“It was the first time I really got a chance to talk to Michael,” Tomjanovich said. “Nobody can ever know who would have won, but he said they were concerned that they couldn’t stop Hakeem. It was great to hear it from him.”
Bladder cancer brought a cruel halt to Tomjanovich’s three decades in Houston after the 2002-3 season. Yet the way he managed an array of big personalities across 12 seasons as the Rockets’ coach helped Tomjanovich emerge as the Lakers’ choice to replace Jackson — after some flirtations with Duke’s Mike Krzyzewski and an attempt to lure Miami’s Pat Riley back to Hollywood. Tomjanovich, then 56, signed a five-year, $30 million contract to coach the Lakers, who traded Shaquille O’Neal to Riley’s Heat four days later.
“I probably shouldn’t have done that,” Tomjanovich said. “First of all, I was excited that the cancer was gone.
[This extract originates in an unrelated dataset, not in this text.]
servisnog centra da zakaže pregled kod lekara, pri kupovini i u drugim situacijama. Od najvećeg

I thought, ‘I can’t pass this thing up,’ but then I just felt like I was hurting myself and I had to let it go. I love to coach good players, and Kobe was great. I thought I could do it, health-wise and body-wise, but I couldn’t. People said it was a lot of money to give up, but what good is money if you’re going to make yourself sick?”
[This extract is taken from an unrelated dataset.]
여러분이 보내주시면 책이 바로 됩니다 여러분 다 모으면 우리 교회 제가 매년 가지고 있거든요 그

It was the rare Tomjanovich comeback story without a happy ending. As a player, he survived a vicious on-court punch from Kermit Washington in December 1977 and recovered to reach his fifth All-Star Game in 1978-79. As a coach, Tomjanovich steered the Rockets to playoff upsets of the teams with the league’s top four records (Utah, Phoenix, San Antonio and Orlando) in the 1995 playoffs to win title No. 2, including a second-round rally against the Suns after Houston fell into a 3-1 series deficit.
“That’s how we got one of the greatest quotes ever in basketball,” Robert Horry, one of Tomjanovich’s Houston stalwarts, said on Monday. “Don’t ever underestimate the heart of a champion.”
That defiant rebuttal to Rockets skeptics, from a beaming Tomjanovich after Houston completed a 4-0 N.B.A. finals sweep of O’Neal’s Orlando Magic, became his signature line.